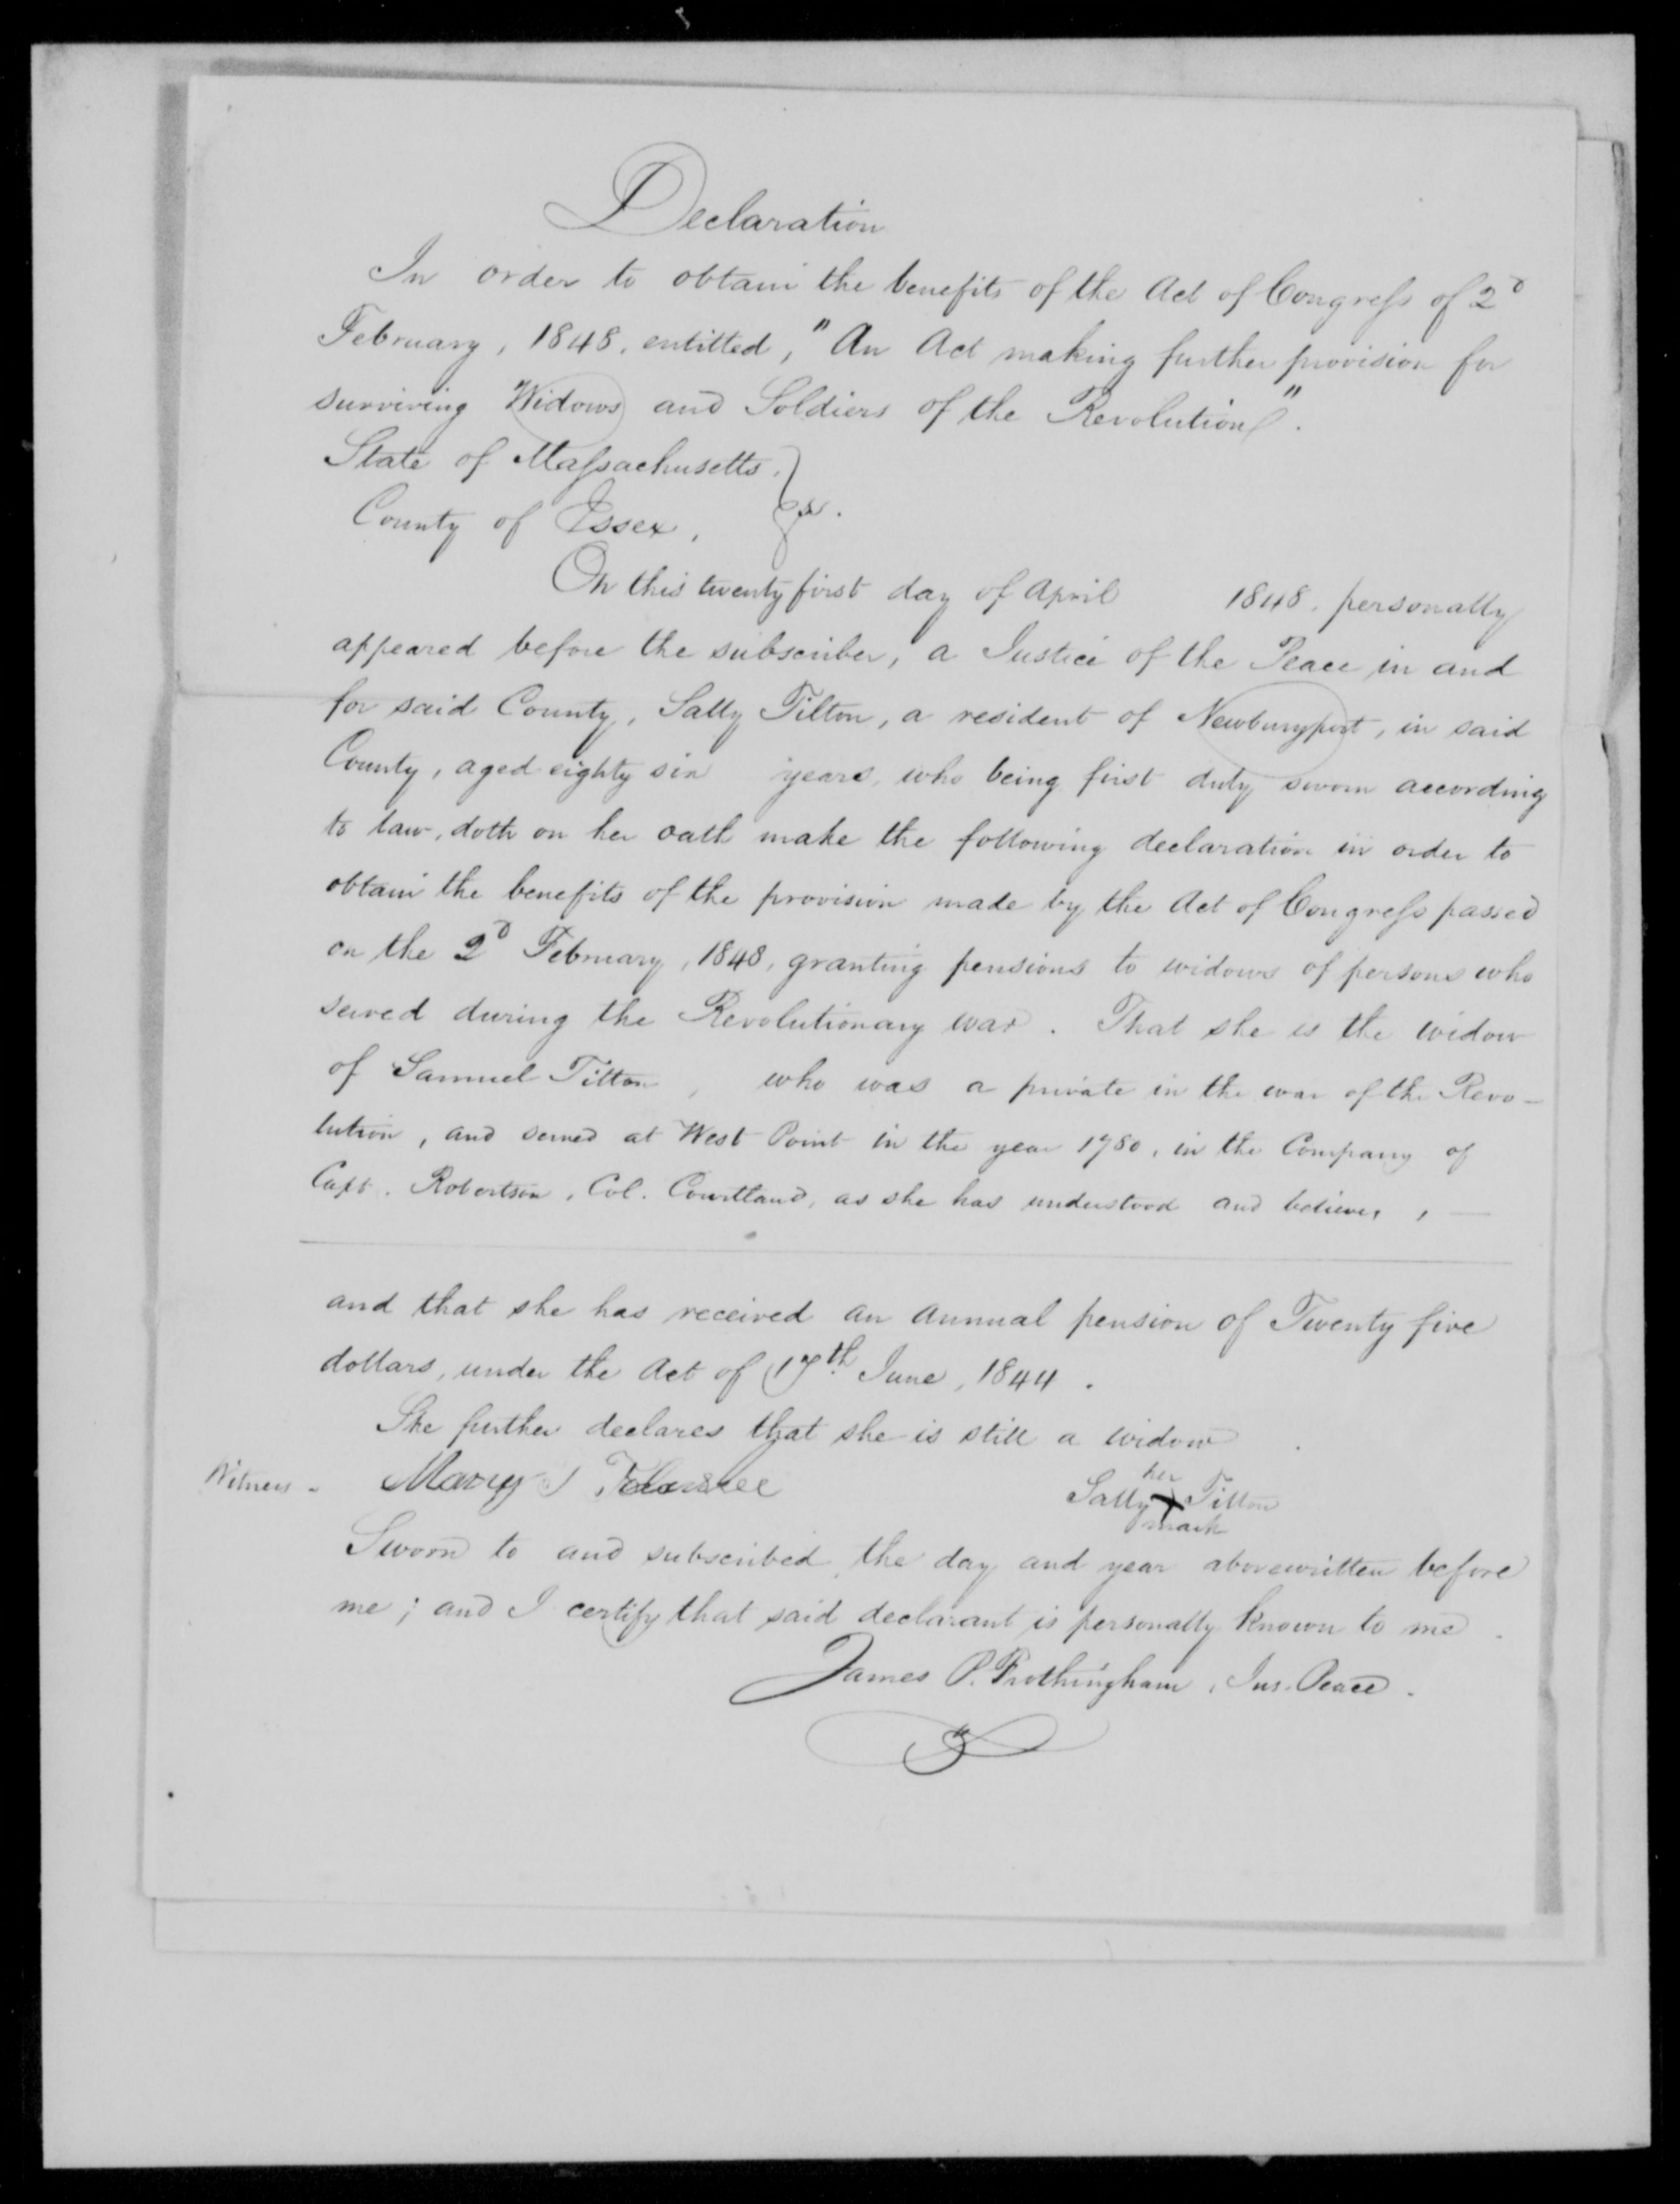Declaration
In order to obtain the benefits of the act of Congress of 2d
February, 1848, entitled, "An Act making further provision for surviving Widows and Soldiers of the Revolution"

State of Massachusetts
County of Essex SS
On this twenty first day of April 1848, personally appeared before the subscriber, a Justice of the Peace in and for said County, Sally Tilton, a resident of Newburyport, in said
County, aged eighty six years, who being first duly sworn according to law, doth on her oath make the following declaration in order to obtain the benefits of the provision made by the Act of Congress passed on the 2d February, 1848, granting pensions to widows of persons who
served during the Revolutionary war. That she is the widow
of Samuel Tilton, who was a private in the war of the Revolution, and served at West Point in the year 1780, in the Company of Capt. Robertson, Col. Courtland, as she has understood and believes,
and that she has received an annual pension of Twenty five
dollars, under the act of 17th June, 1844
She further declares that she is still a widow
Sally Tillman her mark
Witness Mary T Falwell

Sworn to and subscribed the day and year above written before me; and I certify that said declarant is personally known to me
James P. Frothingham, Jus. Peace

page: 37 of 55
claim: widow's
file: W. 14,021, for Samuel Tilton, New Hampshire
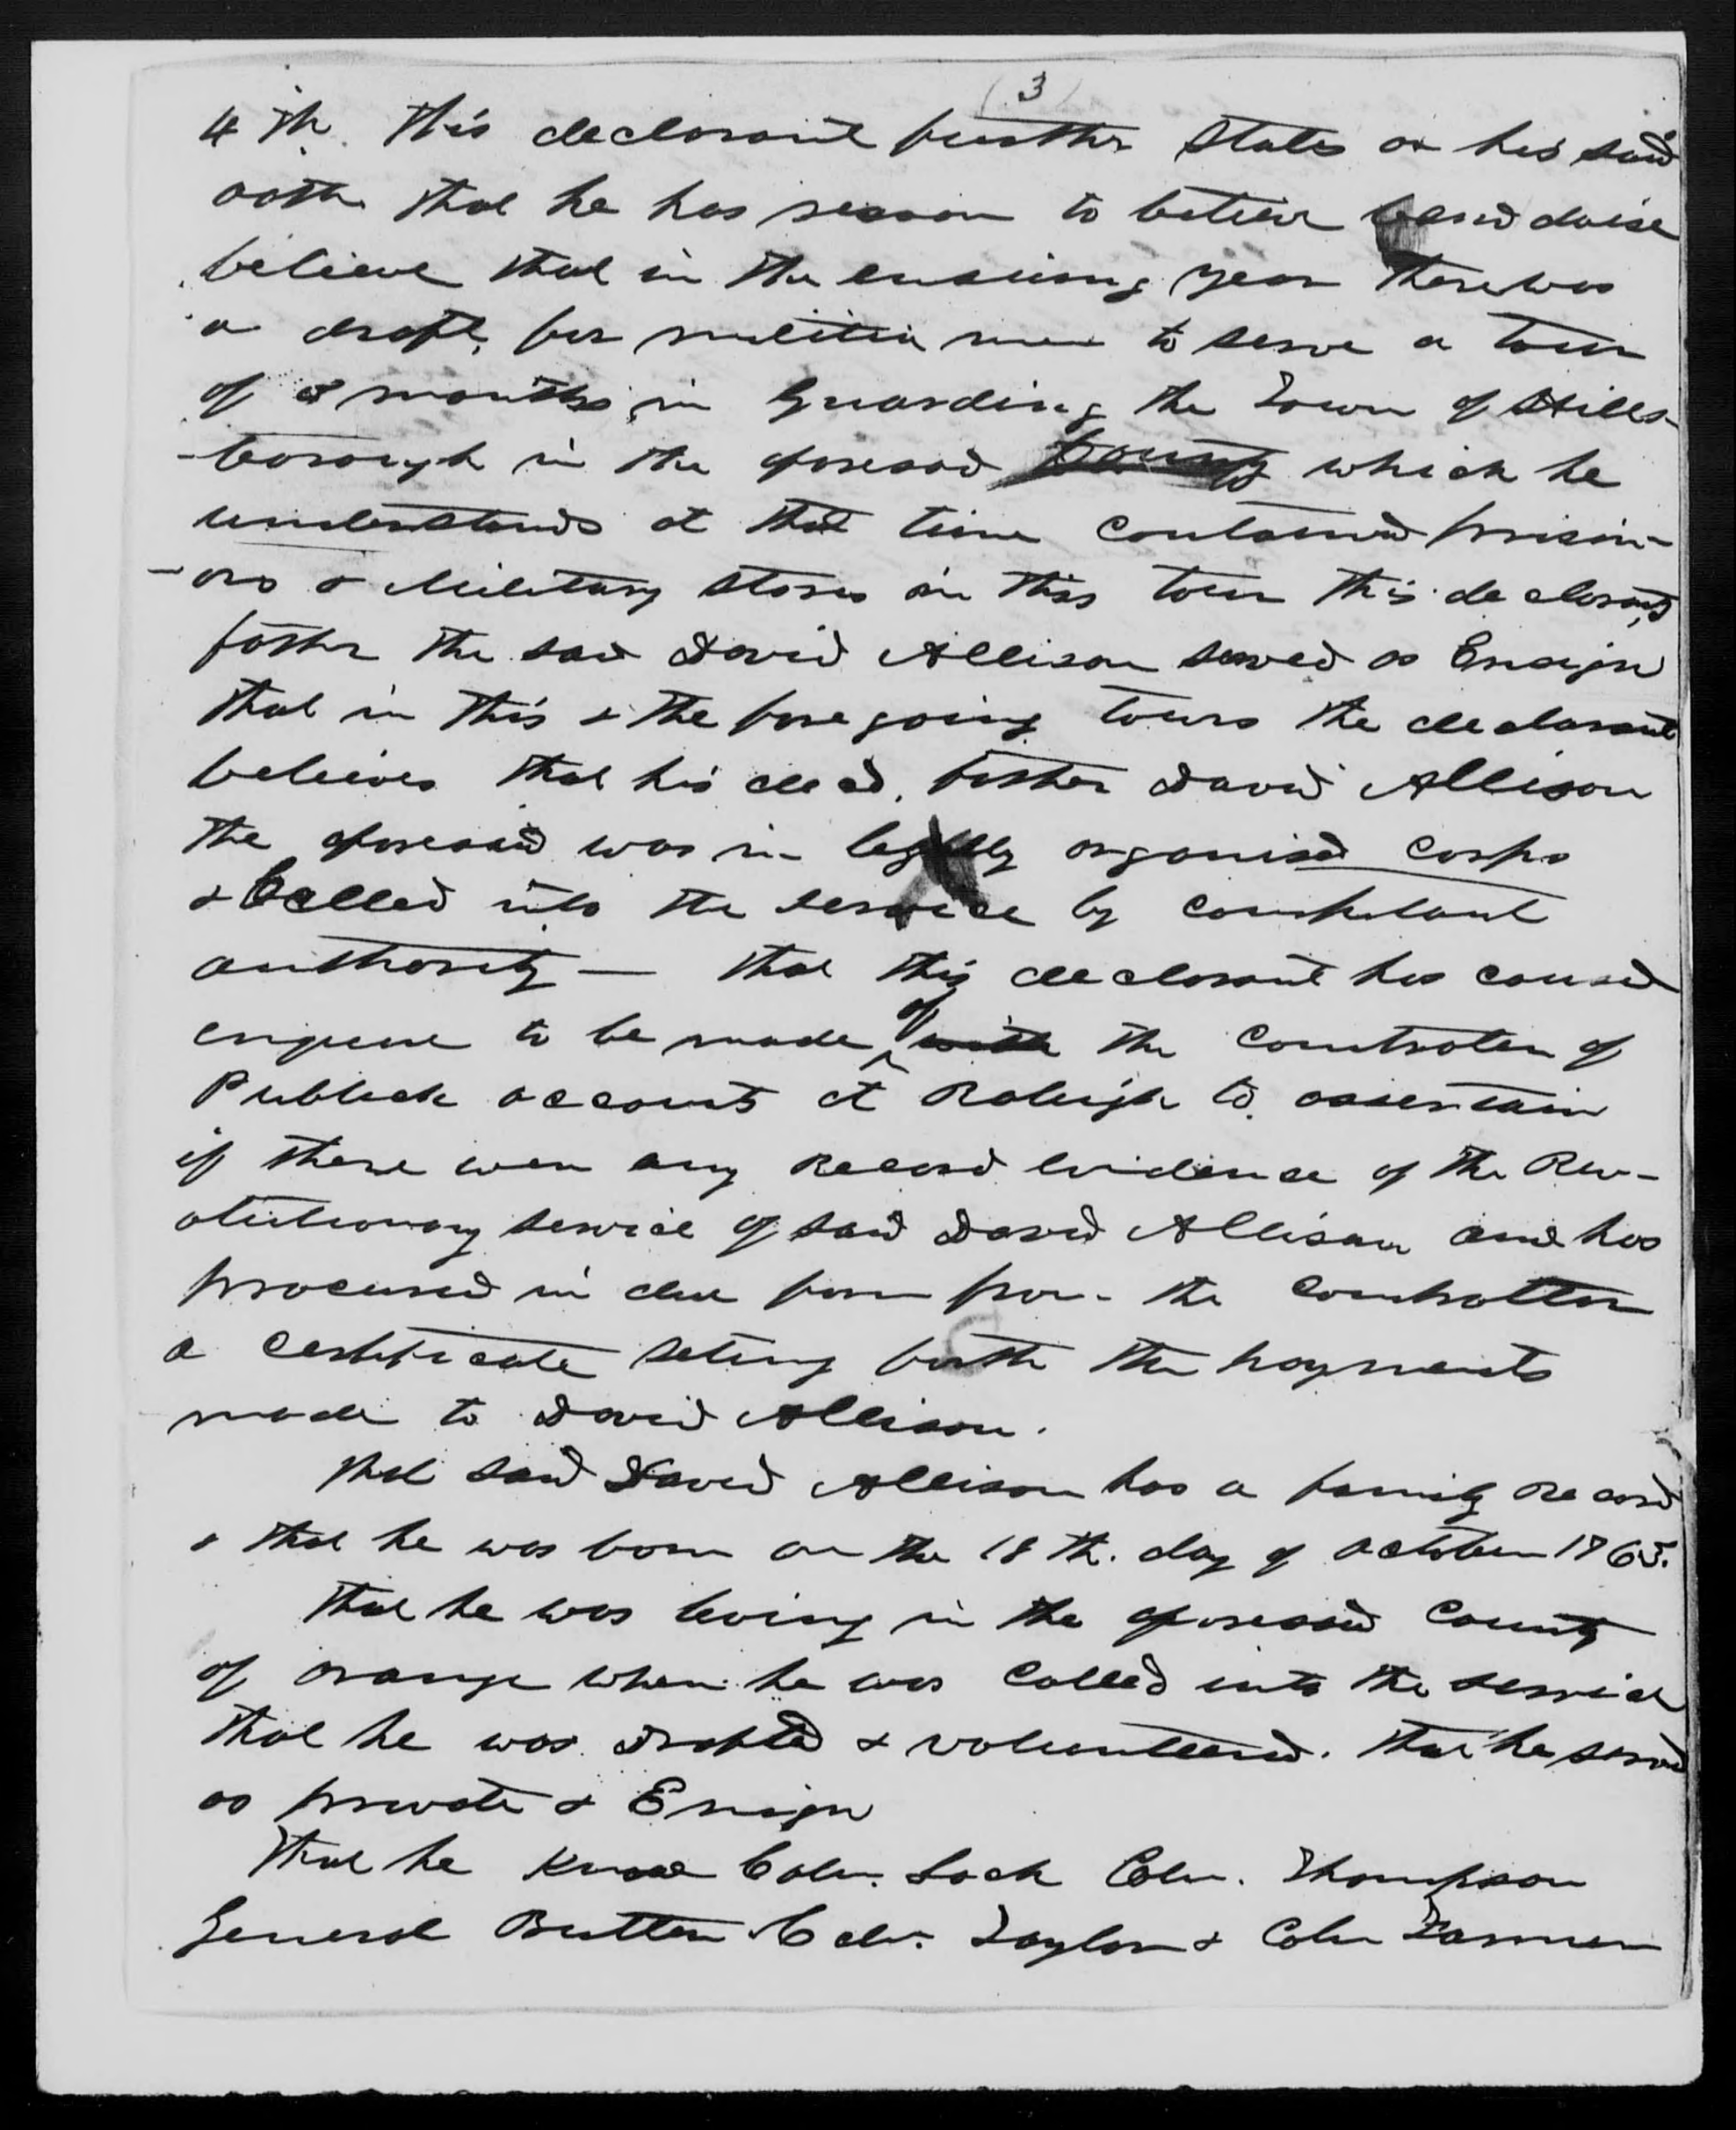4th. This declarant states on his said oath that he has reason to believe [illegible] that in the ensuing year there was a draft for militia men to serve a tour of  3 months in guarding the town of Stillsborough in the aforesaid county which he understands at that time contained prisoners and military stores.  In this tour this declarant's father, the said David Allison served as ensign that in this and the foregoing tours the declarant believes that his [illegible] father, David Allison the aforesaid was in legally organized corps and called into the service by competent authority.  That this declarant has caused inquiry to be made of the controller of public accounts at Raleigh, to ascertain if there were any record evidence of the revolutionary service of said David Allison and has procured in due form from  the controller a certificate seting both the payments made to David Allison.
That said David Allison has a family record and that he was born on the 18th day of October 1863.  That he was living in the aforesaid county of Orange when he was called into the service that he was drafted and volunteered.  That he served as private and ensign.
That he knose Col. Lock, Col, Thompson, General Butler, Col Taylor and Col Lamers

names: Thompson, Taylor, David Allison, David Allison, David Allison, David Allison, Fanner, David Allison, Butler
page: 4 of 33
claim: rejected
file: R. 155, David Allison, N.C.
* * *
Where does the string "further" occur in the listing above? Return every line that contains it.

EXERCISE SOLUTION ▸
February, 1848, entitled, "An Act making further provision for surviving Widows and Soldiers of the Revolution"
She further declares that she is still a widow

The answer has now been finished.